DISCOURS DU PAPE PAUL VI
AUX MEMBRES DU BUREAU DE
L’«UNION EUROPÉENNE DÉMOCRATE CHRÉTIENNE»
Samedi 8 avril 1972
Monsieur le Président, Mesdames, Messieurs,
Au moment où se réunit à Rome le Bureau politique de votre «Union européenne démocrate chrétienne», vous avez manifesté le désir de Nous rencontrer.
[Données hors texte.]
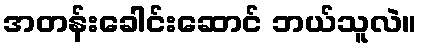
အတန်းခေါင်းဆောင် ဘယ်သူလဲ။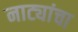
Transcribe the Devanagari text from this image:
नाट्यांचा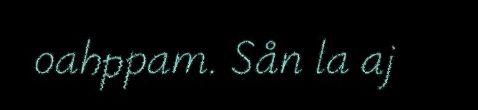
oahppam. Sån la aj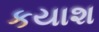
કયાશ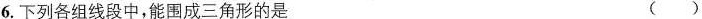
6.下列各组线段中，能围成三角形的是 ()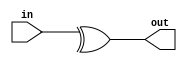
module sparc_ifu_par34 (
   out, 
   in
   );
   input [33:0] in;
   output 	out;
   assign  out = (^in[33:0]);
endmodule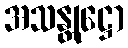
အသန္တုဋ္ဌော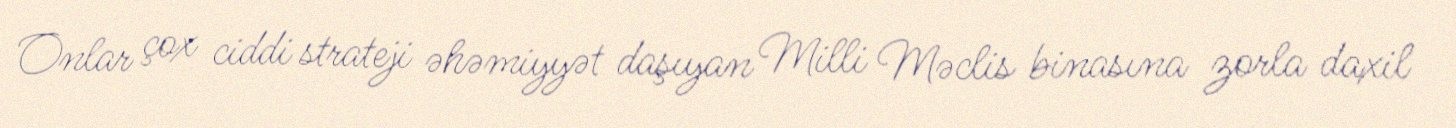
Onlar çox ciddi strateji əhəmiyyət daşıyan Milli Məclis binasına zorla daxil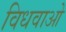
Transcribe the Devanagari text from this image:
विधवाओ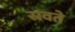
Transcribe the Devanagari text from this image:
स्रवते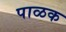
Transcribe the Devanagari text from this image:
पाळक

Sensible à ce geste, Nous vous souhaitons volontiers la bienvenue en cette Maison Apostolique.
Certes, il n’est plus besoin de le souligner, l’Eglise catholique, comme celui qui en a été constitué pasteur universel à la suite de l’apôtre Pierre, ne sont liés à aucun système politique, ni à aucun parti politique. «Sur le terrain qui leur est propre, la communauté politique et l’Eglise sont indépendantes l’une de l’autre et autonomes» (Gaudium et Spes, 76, p. 3; Cfr. 76, p. 2), sans interférence indue d’un domaine dans l’autre. Mais les deux communautés sont, à des titres divers, au service des mêmes hommes. Et «L’Eglise tient en grande considération et estime, l’activité de ceux qui se consacrent au bien de la chose publique et en assurent les charges pour le service de tous» (Ibid. 75, p. 1). Elle exhorte même les catholiques compétents à prendre consciencieusement leur part dans cette gestion (Apostolicam Actuositatem, 14); elle reconnaît le concours positif que peuvent apporter les partis et aussi le rôle que tous les chrétiens sont appelés à jouer dans le domaine politique.
L’activité que vous déployez, à l’intérieur de formations politiques se situant dans une perspective «humaniste et chrétienne», comme l’affirment vos Statuts (Art. 2, 1c.), doit trouver sa source d’inspiration et son guide dans votre compétence en matière politique, économique, administrative, sociale, et, inséparablement, dans le jugement moral de votre conscience. L’Eglise, pour sa part, si elle n’a pas a cautionner tel programme ou l’adoption de tel moyen technique, met au service des citoyens et des hommes politiques, devant leur conscience, un certain nombre de critères qu’elle juge indispensables pour la réalisation d’une politique juste, féconde et durable, favorisant le plein épanouissement des personnes et des communautés.
Ces principes, correspondant à la conception chrétienne de la vie morale et à l’éthique de l’activité politique, vous les connaissez. Le concile de Vatican II (Apostolicam Actuositatem, 73-75) en a fait une synthèse et Nous-même Nous avons souvent eu l’occasion de les rappeler.
Il s’agit notamment de faire leur juste place à la liberté, à I’initiative personnelle, aux droits des personnes, des familles, des corps intermédiaires, sans jamais cesser de les harmoniser avec leurs devoirs, avec les exigences du bien commun, de l’ordre et de la solidarité nécessaires, bref de former au sens de la responsabilité à tous les échelons: difficile démocratie! Les partis eux-mêmes n’oublieront jamais qu’ils doivent chercher continuellement à établir une justice sociale effective pour toutes les catégories. Que le pouvoir public soit doté d’une autorité suffisamment efficace et digne de mériter le respect de tous, et que ses détenteurs se considèrent comme les serviteurs de leurs compatriotes, avec le désintéressement et l’intégrité qui conviennent à leur haute fonction. L’amour de la patrie doit pouvoir aussi se concilier avec une recherche de rapports communautaires plus étroits entre les peuples qui sont appelés à intensifier leurs liens économiques et culturels, et ceci vaut particulièrement pour ceux de l’Europe, en raison de leur voisinage, et du patrimoine spirituel et moral commun. La solidarité européenne doit elle-même demeurer ouverte à la grande solidarité de tous les peuples de la terre, dans la poursuite du développement.
Bref la valeur d’une politique se mesure à son projet social et aux services qu’elle peut mettre en œuvre; mais il s’agit toujours de savoir quel sens de l’homme on a en vue, quelle place on donne au respect de ses droits, de sa dignité, de sa vie, à sa responsabilité, à ses exigences morales et spirituelles, à la fraternité, en définitive à l’amour mutuel.
En vous encourageant à travailler sans relâche suivant cet idéal, Nous implorons sur vous, sur vos familles et tous ceux qui vous sont chers, les grâces abondantes du Seigneur dont la résurrection nous invite à instaurer en lui toutes choses nouvelles.